The grand jury report stokes fears that if RLI loses its appeal the landfill will not be able to proceed with the gas-to-energy plan, a construction-and-demolition recovery facility and an expanded composting operation, all of which are allowed by the 2008 permit. The landfill’s deputy manager, Dan North, said that RLI is moving forward on all three projects.

Marin has a “zero waste” goal of diverting 94 percent of waste from the landfill, and, based on its current diversion rate of around 75 percent, the grand jury estimated the landfill will last until almost 2050 with an expansion, or just another seven to nine years without. At zero waste an expanded landfill could last until just past 2070 and the current landfill until after 2040.

Critics of the grand jury report, such as Bruce Baum, a resident of both San Anselmo and Inverness and a co-chair of the group that filed suit, have called the report a one-sided discussion. “It’s very difficult to believe that the grand jury produced a report that reads like a promotional document for the waste industry,” he said in a phone interview with the Light, suggesting that it did just that.

Mr. Baum’s group points to the fact that the landfill is unlined, below sea level and in a tidal wetlands area. But Rebecca Ng, deputy director of Marin County Environmental Health Services, which regulates waste on behalf of the state, said the landfill was purposefully built near the water back in the 1950s to take advantage of bay mud, a thick layer of clay that Ms. Ng said acts as a natural liner. 

Mr. North said that although new landfills require plastic liners, there are tradeoffs because plastic can tear. He said once the plastic liner of a landfill in Sonoma County broke and RLI had to take the entire county’s trash for a time. “That’s like the nightmare scenario,” he said.

The grand jury’s support of methane-derived energy also drew Mr. Baum’s ire. 

Although methane has a far shorter atmospheric lifespan than carbon dioxide, because it traps heat more effectively, it has an impact over 20 times greater than carbon dioxide. The landfill currently has over 100 wells that collect the gas, and 3,000 cubic feet is flared every minute in two tall stacks, where it’s transformed into carbon dioxide and water. 
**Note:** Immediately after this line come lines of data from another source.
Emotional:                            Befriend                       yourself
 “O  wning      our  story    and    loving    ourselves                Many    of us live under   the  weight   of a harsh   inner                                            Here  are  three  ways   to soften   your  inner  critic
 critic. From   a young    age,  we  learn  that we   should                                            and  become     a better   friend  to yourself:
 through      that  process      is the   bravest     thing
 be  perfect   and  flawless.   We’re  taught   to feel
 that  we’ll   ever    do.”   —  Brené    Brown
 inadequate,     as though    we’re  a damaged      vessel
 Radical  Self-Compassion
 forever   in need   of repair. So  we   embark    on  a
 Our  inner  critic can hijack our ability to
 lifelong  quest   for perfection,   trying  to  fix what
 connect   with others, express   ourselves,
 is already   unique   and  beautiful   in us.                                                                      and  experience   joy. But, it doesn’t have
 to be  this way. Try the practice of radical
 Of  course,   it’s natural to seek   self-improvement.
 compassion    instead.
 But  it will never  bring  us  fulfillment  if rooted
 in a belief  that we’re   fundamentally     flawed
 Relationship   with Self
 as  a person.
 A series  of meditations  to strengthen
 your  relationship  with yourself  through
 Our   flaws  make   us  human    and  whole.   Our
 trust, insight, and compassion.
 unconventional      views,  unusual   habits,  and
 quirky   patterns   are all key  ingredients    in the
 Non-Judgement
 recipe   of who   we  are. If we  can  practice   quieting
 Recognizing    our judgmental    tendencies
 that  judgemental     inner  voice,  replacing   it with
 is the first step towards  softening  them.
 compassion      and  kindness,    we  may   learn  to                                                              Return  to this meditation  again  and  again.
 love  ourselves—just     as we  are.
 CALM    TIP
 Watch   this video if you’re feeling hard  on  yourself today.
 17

The Sierra Club’s California’s Energy-Climate Committee opposes methane gas-to-energy plants, arguing that companies, in an attempt to create more methane to turn into energy, add moisture to landfills. The Sierra Club believes such an approach can increase the methane that can escape into the atmosphere, since wells don’t capture 100 percent of the gas. Mr. North said RLI has no plans to rehydrate the landfill, but will instead attempt to remove moisture.
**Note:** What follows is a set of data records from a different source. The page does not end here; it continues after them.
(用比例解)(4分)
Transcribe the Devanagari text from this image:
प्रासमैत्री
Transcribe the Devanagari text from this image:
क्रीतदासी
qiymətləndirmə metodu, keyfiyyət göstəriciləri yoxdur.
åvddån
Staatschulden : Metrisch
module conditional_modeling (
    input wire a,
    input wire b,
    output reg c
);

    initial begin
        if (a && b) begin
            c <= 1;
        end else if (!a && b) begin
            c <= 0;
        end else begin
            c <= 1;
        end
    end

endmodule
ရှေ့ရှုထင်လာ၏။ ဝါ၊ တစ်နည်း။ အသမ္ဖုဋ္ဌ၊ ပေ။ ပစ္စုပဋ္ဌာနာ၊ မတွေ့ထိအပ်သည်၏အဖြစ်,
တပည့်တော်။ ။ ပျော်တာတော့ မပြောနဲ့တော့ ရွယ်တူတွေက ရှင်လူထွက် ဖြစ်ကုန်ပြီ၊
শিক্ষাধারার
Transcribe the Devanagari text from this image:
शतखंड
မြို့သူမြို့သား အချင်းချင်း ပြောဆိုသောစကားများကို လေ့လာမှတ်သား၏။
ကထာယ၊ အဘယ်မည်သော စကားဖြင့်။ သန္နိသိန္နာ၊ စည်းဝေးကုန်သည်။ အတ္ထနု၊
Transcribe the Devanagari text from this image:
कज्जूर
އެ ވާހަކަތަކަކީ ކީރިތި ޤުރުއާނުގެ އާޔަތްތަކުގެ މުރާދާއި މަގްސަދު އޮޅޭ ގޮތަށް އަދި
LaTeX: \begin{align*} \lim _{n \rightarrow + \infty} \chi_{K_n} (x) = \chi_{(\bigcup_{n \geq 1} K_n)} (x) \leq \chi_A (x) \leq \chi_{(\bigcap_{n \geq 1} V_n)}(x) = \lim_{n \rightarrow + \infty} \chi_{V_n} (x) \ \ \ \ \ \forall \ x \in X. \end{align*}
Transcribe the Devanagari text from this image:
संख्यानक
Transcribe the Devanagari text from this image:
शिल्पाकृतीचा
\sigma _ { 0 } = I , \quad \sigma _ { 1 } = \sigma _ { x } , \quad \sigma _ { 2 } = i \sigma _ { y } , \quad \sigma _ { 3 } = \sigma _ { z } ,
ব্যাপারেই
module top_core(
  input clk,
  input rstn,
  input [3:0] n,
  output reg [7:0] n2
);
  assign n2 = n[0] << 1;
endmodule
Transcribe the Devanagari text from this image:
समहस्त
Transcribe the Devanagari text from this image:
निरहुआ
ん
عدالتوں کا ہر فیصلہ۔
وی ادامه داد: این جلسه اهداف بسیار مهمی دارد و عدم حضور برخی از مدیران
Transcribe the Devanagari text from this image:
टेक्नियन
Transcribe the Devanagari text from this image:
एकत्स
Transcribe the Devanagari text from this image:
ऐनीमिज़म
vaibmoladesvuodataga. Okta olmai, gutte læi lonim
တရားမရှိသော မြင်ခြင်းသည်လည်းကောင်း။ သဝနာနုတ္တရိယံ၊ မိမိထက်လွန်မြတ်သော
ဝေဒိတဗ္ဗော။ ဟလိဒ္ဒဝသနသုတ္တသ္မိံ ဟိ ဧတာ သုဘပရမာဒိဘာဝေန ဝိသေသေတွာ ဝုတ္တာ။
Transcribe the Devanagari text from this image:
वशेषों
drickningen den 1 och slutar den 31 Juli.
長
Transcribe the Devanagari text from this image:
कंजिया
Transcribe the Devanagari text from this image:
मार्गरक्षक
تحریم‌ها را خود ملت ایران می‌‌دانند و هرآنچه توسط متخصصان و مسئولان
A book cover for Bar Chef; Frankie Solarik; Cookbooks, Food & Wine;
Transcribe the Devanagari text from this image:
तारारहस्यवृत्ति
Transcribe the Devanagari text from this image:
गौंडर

Mr. North added that methane levels are tracked assiduously by the Bay Area Air Quality Management District. 

The grand jury expressed repeated concerns about the prospect of having to haul waste out of the county if the landfill does not expand. “Marin will need to find another landfill, a problematic issue since county officials have stated that it will be impossible to find an alternate site within the county,” the report states. “Not finding an alternate site in Marin County means our trash becomes another county’s problem and increases our carbon footprint.” 

Judge Duryee also ruled that RLI did not adequately investigate the feasibility and environmental consequences of building a new landfill, as required by the California Environmental Quality Act (CEQA), stating that RLI needed “verifiable facts” and not “abstract or speculative conclusions” to determine a new landfill’s infeasibility. Mr. North frankly contended, “There will never be another landfill permitted in Marin County, and maybe even in California.” 

As for what will happen when the landfill meets its eventual end, the report recommends looking into plasma gasification. Both Mr. North and Mr. Baum said the technology, which obliterates waste and stores the gas in a tank, is prohibitively expensive, though Mr. North believes it could someday become more affordable and energy-efficient.

Mr. North said the EIR went above and beyond what was called for by CEQA by addressing climate change, such as sea-level rise, and is “not getting credit for doing extra credit.” 

In her December opinion, Judge Duryee wrote that especially given a levee failure in 2006 and RLI’s admission that constructing a higher levee on bay mud posed difficulties, the flood plan should have been “circulated during the EIR process, not afterwards.” Mr. North contends that CEQA allows for such deferrals if the EIR includes environmental mitigations with specific plans to improve the levees, which RLI says it did.

Ms. Ng also defended the EIR, stating, “This permit… is the first permit in the state, probably in country, to address greenhouse gases,” which she said the methane energy plant would accomplish with the energy offsets.

Mr. North said it was his understanding that if No Wetlands prevails in the appeal, the EIR may need to be repaired, but not scrapped—as suggested by the grand jury. But, he added, “From our perspective, we feel that the EIR was thorough in the first place.”

While they may disagree on the EIR, both Ms. Ng and Mr. Baum emphasized the problems of America’s throwaway culture and the need to remain vigilant about recycling, composting and reducing consumption. 

On a tour of the landfill this week, Mr. North lamented the fast-food wrappers with foil on one side and paper on the other, explaining that it’s quite difficult to recycle disparate materials “sandwiched” together. He also said the word “waste” itself is a misnomer, because of the energy that can be tapped in so much of what is discarded. 

He even has a plan for the invasive thistle spouting up all over the landfill: Goats will be brought in from a nearby ranch to eat the plant.